The selection of proper scale (pixel size) may impact the results of fragmentation analysis but a much more significant impact is connected with the map extent of the study [77]. It means that further studies should be performed within the same map extent for correct comparison of results.

It seems quite natural that the larger the area of PAs, the greater the typological diversity represented in it. An analysis of the distribution of the typological composition by categories of PAs showed that the highest typological diversity is represented by categories with the maximum area, but single in terms of the number of PAs (Nature Biosphere Reserve and National Park). It is shown that the average area of PAs, which ensures the maintenance of 75% of the typological diversity of communities in the study region, is about 1000 ha. A similar conclusion was obtained in the work [68].
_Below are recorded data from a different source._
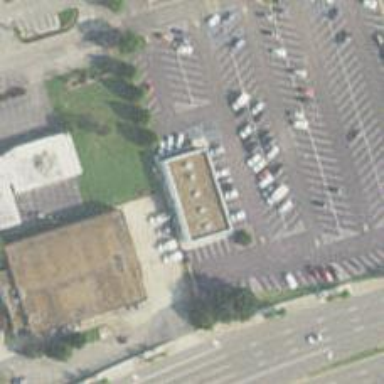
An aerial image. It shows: Car rental service.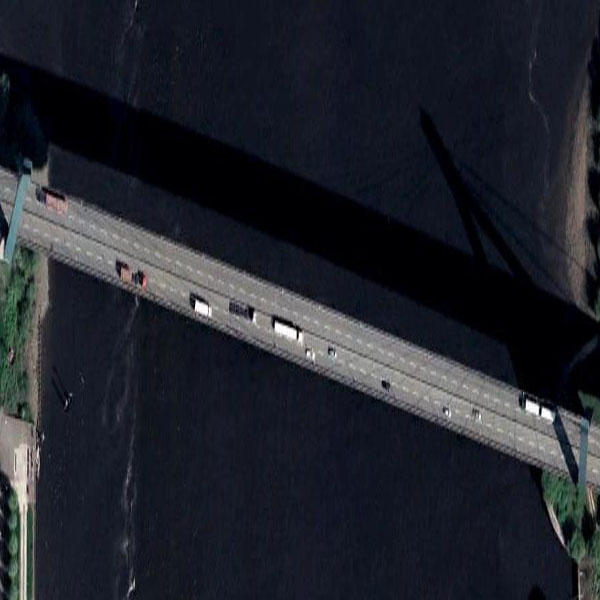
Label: Bridge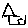
Label: house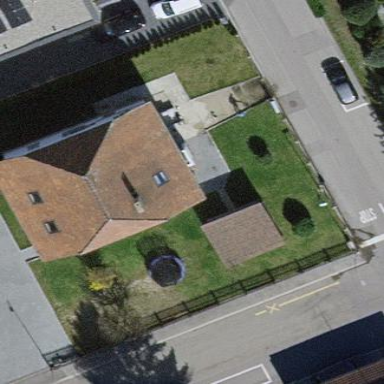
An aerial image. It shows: Gabled roofed house.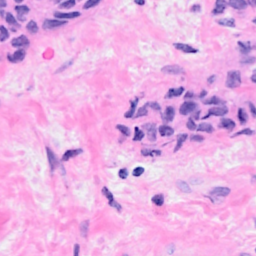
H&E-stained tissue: Breast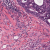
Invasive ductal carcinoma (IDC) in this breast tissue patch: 0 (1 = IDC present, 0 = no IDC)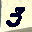
Label: 3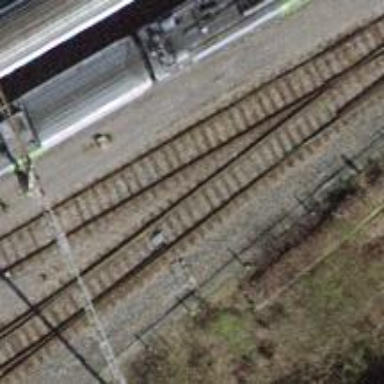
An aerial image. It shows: Single-track electrified railway yard with contact line electrification.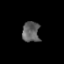
Tissue: prostate
Cell type: T cells
Senescence score: 0.7128
Nuclear area (px): 350
Mean DAPI intensity: 95.914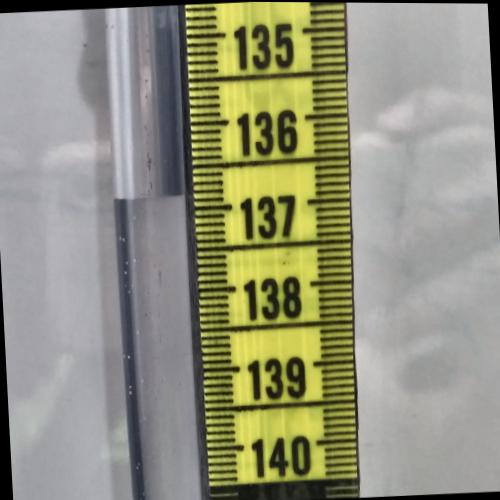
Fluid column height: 136.8 cm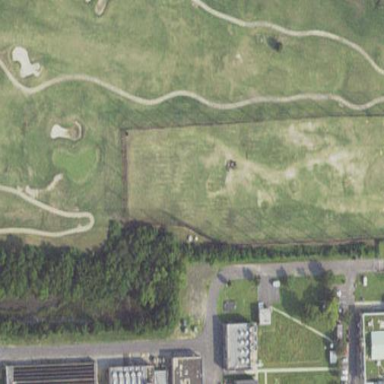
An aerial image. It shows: Grassy area designated as golf fairway.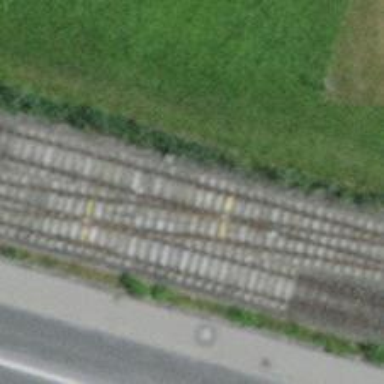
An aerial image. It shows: Single-track railway yard.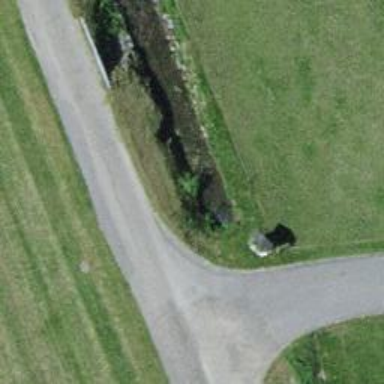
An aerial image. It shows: Drain passing through culvert tunnel.
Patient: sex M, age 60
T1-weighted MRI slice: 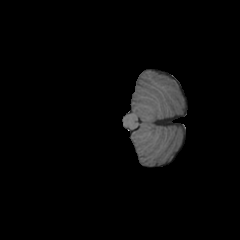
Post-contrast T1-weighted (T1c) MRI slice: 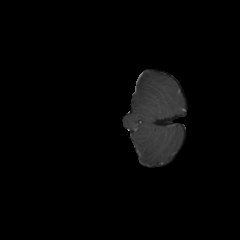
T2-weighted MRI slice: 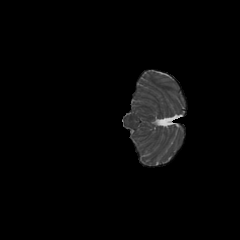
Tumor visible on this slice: no
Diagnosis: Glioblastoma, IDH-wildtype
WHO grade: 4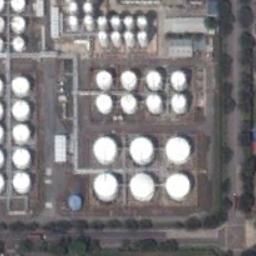
Label: storage tanks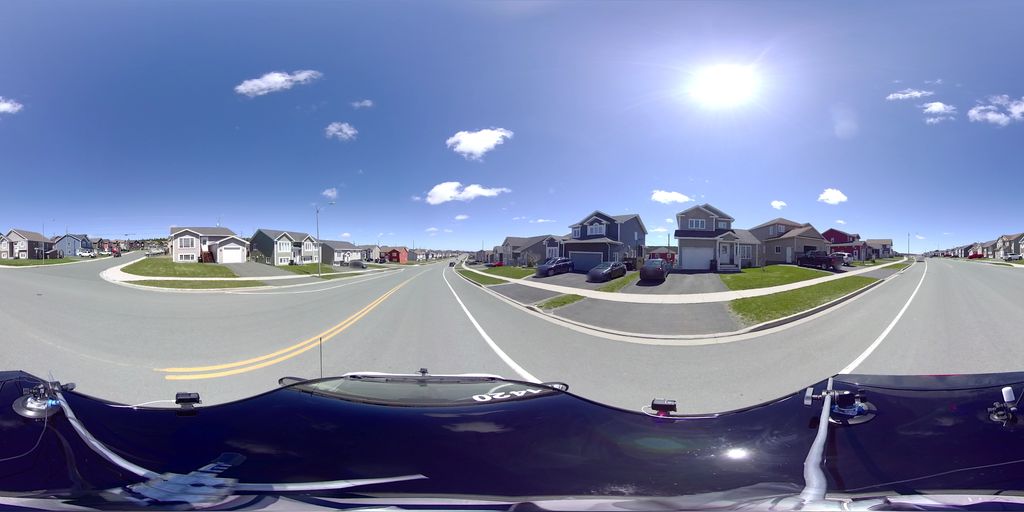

The establishment of a relationship between various parameters of PAs (area, perimeter, fragmentation metrics, climatic variables, light index, and date of PAs establishment) and forest diversity of PAs makes it possible to assess the contribution of natural and anthropogenic factors in the formation of diversity. In particular, the category of PAs does not affect the state of the forest cover. Additionally, there was no direct influence of the anthropogenic factor from both local sources and a large regional source—the city of Moscow. The negative relationship between typological diversity and distance from Moscow is not so obvious. This can be justified by the same fragmentation of the units included in the PAs. A significant relationship between the typological diversity of forests was noted with the total area of the PAs, shape complexity and boundaries contrast. It is shown that the conservation status of forests in the MR differs by groups of BDs. Near a large metropolis, there is a relatively more frequent change in land use and forest use.

5. Conclusions

The current study presents the method for estimating forest typological diversity, successional status, and fragmentation based on the integrated use of ground survey and remote sensing data. The proposed methodological approach made it possible to significantly expand the practice of forest biodiversity inventory and to create a digital large-scale cartographic model for PAs in the MR at a detailed typological level for the first time. Assessment of the biodiversity and fragmentation of PAs within the reference areas (BDs) allowed us to reveal their conservation status and make recommendations. It is shown that the conservation status of forests in the MR differs by groups of BDs. Most of the districts are characterized by the specialization of PAs in certain forest communities and, in general, high quantitative and area indicators, and insufficient coverage of PAs of the entire diversity of communities. It has been established that the provision with PAs only for the northernmost district is almost 20% and noticeably decreases to the south to 1–2%. At the same time, fragmentation noticeably increases from the northeast to the southwest of the MR. On the contrary, the districts in the south of the region are characterized by the generalization of PAs and, in general, complete coverage of the community diversity, but this is since the proportion and diversity of forest cover in these districts is much lower. As a result, one can note a general lack of environmental protection measures in the region. It is recommended to increase the area of PAs, primarily for less fragmented habitats, including indigenous forest-steppe and forest types of communities.